▸ **Aim of the exercise**
The records follow. Print, word for word, the first line through the "An aerial image. It shows: Retail building housing" line.

<<<<

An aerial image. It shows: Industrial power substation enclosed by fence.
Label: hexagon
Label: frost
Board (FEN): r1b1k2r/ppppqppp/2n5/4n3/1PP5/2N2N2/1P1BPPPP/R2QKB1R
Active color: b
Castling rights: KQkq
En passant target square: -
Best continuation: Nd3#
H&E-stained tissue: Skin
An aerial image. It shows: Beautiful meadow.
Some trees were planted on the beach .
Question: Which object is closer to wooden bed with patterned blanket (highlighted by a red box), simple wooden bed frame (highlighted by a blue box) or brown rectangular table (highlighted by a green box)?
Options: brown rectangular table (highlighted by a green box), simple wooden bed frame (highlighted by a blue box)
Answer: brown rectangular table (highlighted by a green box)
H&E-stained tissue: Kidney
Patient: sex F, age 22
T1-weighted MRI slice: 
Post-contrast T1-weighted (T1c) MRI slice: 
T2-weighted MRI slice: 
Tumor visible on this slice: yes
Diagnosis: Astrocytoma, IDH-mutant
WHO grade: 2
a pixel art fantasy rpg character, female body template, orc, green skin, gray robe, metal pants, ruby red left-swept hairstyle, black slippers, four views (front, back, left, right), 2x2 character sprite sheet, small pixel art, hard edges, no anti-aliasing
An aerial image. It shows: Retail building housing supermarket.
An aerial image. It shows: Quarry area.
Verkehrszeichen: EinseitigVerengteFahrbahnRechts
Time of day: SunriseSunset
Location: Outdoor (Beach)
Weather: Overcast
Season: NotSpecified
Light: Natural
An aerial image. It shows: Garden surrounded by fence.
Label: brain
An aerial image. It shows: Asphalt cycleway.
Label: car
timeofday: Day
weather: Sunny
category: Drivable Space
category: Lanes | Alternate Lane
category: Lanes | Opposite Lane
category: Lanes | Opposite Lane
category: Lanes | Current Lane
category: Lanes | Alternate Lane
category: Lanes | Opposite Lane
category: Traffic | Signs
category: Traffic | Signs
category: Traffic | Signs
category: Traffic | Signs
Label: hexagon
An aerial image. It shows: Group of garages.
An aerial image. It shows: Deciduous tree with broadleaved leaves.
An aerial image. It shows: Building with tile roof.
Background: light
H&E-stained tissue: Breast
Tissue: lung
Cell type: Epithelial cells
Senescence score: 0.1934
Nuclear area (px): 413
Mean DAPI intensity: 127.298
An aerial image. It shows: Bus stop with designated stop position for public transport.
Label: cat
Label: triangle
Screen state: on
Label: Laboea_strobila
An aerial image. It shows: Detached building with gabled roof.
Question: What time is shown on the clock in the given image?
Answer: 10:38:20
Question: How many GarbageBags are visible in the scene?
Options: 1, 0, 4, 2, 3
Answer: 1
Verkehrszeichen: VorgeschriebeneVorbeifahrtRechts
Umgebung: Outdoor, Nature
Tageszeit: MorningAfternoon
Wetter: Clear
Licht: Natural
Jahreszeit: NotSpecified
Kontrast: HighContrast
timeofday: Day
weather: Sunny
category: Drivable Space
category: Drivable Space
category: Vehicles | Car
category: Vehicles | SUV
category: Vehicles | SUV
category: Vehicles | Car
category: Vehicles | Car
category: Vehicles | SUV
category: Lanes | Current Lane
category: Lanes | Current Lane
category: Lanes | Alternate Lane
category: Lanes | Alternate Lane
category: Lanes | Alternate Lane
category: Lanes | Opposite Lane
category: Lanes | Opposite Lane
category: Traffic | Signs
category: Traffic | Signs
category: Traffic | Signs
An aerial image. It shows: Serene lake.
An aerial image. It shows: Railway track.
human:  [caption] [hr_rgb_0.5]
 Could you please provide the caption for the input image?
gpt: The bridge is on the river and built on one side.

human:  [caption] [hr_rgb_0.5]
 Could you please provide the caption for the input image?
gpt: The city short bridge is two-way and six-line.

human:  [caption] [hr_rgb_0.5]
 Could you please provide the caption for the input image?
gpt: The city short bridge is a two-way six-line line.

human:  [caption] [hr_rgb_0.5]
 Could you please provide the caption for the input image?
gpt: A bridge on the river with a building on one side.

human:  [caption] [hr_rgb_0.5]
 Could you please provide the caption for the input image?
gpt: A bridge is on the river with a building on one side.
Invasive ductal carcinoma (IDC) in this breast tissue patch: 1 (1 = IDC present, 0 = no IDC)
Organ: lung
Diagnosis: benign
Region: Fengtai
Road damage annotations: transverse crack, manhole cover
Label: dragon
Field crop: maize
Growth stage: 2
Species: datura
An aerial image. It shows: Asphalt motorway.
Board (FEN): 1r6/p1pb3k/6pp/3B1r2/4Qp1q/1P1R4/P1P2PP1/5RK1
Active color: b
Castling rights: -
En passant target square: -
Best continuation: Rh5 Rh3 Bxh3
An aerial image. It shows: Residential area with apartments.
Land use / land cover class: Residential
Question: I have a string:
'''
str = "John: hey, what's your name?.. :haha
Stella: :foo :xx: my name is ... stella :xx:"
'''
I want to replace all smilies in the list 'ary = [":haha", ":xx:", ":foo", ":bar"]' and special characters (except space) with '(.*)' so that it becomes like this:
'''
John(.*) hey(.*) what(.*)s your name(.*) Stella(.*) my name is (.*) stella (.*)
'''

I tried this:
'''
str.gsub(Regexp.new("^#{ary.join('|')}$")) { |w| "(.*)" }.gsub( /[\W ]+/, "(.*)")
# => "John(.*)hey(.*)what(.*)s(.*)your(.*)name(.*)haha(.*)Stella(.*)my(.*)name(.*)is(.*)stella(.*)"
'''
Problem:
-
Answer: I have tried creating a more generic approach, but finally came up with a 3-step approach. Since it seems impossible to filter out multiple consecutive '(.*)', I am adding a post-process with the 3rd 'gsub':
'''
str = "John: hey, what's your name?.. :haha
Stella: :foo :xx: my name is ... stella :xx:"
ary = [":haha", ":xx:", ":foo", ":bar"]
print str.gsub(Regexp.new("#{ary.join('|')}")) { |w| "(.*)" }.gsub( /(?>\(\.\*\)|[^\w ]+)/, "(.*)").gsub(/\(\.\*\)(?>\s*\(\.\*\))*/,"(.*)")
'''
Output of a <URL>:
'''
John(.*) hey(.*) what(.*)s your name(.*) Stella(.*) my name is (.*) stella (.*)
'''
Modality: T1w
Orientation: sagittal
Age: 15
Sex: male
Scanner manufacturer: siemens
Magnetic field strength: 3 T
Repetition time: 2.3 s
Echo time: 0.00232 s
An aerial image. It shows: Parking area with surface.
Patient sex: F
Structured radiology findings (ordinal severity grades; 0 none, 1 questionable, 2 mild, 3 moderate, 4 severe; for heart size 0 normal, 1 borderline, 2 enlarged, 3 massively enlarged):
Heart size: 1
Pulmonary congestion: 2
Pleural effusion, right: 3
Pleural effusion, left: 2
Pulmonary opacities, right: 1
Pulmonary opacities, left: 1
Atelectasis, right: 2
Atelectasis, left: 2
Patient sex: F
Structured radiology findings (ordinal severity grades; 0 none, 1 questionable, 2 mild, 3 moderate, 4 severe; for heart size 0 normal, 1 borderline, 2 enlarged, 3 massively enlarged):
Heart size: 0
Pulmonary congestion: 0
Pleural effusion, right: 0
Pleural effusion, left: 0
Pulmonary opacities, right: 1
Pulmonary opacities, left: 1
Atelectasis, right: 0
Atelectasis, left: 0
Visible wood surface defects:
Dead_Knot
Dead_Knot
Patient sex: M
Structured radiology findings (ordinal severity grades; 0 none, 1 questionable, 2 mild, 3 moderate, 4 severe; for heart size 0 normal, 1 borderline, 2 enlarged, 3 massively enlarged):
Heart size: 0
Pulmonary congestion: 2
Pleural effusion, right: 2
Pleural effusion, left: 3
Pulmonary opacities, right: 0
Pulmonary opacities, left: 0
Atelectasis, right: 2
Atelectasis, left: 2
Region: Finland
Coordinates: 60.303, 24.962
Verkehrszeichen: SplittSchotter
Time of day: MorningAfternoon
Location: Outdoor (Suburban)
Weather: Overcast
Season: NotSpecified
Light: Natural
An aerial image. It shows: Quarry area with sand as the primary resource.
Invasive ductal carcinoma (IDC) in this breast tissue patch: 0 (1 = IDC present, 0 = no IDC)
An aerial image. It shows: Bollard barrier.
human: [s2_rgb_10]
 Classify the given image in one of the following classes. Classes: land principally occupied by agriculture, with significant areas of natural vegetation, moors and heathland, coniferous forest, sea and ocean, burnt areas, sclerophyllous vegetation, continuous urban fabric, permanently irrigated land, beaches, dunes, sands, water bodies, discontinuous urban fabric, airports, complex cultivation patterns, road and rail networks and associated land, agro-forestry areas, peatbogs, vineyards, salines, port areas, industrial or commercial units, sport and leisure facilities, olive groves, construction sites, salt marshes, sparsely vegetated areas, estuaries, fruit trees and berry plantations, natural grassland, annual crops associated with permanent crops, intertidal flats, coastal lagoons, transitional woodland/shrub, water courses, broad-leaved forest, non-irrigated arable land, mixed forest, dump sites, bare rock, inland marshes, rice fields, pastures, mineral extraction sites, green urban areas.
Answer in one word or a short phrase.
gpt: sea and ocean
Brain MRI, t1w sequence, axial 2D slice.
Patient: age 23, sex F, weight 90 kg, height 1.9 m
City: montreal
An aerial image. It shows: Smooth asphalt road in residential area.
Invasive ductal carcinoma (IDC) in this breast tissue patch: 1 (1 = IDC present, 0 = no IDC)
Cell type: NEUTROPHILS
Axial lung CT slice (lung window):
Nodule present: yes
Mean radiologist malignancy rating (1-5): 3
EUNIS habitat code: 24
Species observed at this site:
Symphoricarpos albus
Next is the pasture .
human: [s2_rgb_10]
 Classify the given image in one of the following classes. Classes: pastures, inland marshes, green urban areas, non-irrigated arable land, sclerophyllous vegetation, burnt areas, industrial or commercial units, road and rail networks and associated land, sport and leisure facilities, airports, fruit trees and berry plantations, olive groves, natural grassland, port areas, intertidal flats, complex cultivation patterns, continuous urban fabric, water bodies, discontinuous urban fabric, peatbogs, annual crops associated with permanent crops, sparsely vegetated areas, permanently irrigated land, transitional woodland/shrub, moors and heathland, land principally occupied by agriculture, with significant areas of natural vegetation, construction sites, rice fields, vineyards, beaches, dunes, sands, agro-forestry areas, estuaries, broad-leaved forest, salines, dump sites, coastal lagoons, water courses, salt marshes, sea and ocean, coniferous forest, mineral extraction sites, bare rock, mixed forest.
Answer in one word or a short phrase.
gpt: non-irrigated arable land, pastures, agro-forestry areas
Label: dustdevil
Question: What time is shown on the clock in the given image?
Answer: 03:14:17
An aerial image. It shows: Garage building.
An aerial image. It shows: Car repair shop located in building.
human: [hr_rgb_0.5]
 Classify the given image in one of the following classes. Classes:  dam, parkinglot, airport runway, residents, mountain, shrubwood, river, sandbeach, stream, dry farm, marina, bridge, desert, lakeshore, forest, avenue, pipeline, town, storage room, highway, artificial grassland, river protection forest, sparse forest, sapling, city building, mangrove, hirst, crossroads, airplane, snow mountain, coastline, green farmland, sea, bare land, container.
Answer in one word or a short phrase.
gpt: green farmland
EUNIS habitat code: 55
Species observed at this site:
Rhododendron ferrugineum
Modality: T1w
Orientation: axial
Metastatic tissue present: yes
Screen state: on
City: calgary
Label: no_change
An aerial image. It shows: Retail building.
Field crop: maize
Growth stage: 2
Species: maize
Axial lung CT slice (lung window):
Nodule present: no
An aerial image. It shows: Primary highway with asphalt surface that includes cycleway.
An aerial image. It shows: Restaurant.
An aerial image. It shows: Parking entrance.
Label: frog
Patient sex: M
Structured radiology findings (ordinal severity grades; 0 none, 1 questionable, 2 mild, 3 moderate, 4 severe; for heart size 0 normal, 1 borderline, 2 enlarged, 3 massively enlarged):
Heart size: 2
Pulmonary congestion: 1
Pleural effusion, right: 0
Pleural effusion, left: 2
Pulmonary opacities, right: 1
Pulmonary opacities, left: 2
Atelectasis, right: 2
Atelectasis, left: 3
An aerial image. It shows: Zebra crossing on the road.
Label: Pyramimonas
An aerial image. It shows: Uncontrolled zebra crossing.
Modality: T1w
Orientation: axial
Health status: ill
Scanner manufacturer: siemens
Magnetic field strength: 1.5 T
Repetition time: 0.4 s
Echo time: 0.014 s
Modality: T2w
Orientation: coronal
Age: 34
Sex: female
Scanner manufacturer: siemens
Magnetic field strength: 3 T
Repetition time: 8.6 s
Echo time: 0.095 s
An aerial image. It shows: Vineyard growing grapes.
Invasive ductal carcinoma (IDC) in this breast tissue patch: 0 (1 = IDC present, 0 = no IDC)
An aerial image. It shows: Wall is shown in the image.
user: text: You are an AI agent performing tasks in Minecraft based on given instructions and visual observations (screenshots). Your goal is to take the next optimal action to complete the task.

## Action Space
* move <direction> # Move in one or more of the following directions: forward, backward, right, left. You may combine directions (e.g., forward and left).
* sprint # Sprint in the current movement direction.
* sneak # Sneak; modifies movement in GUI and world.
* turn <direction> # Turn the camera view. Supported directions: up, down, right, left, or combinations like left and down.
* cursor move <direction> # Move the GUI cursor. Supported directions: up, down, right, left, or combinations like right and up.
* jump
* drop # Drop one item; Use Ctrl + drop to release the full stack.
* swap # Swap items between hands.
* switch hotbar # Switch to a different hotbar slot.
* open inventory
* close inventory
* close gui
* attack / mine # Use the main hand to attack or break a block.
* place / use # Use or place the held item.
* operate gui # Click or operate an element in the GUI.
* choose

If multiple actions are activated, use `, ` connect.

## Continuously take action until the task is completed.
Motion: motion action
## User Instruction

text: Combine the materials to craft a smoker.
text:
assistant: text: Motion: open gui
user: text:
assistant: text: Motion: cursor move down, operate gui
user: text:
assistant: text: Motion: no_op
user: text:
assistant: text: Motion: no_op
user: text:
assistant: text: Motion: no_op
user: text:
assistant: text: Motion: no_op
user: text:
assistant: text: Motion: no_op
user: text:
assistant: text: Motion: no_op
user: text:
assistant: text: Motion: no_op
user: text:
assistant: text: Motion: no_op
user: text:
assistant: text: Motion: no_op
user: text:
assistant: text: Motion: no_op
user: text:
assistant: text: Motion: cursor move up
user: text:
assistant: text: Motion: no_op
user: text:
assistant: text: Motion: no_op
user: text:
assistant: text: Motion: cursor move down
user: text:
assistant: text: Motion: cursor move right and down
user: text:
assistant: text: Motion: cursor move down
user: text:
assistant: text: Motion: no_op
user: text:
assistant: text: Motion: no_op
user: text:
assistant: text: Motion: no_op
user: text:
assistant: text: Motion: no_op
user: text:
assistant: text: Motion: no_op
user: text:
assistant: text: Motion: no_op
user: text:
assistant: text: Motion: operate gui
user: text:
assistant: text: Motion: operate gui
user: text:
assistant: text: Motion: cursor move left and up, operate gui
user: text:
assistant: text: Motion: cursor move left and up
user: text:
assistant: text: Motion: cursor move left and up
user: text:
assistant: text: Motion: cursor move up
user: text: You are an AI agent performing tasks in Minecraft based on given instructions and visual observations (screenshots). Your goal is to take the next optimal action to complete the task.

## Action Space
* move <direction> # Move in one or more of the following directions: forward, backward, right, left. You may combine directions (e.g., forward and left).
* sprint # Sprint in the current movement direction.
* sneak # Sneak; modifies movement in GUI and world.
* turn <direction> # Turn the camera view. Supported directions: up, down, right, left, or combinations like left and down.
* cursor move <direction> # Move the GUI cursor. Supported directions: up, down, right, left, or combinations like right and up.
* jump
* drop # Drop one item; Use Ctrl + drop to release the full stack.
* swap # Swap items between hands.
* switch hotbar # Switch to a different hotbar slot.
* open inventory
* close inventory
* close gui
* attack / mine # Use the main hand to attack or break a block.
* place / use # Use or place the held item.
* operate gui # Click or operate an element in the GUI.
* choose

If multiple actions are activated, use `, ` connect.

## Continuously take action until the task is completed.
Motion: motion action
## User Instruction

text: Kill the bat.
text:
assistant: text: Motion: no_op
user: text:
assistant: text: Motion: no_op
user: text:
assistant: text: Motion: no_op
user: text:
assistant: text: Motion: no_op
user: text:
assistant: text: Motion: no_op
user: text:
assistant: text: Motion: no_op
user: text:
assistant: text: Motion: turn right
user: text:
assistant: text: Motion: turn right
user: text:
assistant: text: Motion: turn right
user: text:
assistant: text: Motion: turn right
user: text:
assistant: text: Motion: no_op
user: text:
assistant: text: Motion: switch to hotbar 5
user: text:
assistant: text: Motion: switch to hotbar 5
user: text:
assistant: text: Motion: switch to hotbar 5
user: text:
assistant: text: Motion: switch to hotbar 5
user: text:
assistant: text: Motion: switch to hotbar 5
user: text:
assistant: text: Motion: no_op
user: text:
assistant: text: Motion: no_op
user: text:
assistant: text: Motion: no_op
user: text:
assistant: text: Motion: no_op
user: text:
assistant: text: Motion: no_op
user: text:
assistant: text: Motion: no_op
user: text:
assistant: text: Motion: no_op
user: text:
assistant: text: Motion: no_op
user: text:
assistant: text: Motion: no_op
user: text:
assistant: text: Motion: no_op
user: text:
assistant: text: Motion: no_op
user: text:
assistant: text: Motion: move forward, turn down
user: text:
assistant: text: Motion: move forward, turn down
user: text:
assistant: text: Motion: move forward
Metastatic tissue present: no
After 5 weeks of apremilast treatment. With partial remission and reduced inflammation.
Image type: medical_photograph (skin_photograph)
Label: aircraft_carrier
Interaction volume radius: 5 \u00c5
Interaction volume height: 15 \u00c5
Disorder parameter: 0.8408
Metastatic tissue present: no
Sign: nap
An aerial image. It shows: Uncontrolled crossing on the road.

>>>>

▸ **Answer space**
An aerial image. It shows: Industrial power substation enclosed by fence.
Label: hexagon
Label: frost
Board (FEN): r1b1k2r/ppppqppp/2n5/4n3/1PP5/2N2N2/1P1BPPPP/R2QKB1R
Active color: b
Castling rights: KQkq
En passant target square: -
Best continuation: Nd3#
H&E-stained tissue: Skin
An aerial image. It shows: Beautiful meadow.
Some trees were planted on the beach .
Question: Which object is closer to wooden bed with patterned blanket (highlighted by a red box), simple wooden bed frame (highlighted by a blue box) or brown rectangular table (highlighted by a green box)?
Options: brown rectangular table (highlighted by a green box), simple wooden bed frame (highlighted by a blue box)
Answer: brown rectangular table (highlighted by a green box)
H&E-stained tissue: Kidney
Patient: sex F, age 22
T1-weighted MRI slice: 
Post-contrast T1-weighted (T1c) MRI slice: 
T2-weighted MRI slice: 
Tumor visible on this slice: yes
Diagnosis: Astrocytoma, IDH-mutant
WHO grade: 2
a pixel art fantasy rpg character, female body template, orc, green skin, gray robe, metal pants, ruby red left-swept hairstyle, black slippers, four views (front, back, left, right), 2x2 character sprite sheet, small pixel art, hard edges, no anti-aliasing
An aerial image. It shows: Retail building housing supermarket.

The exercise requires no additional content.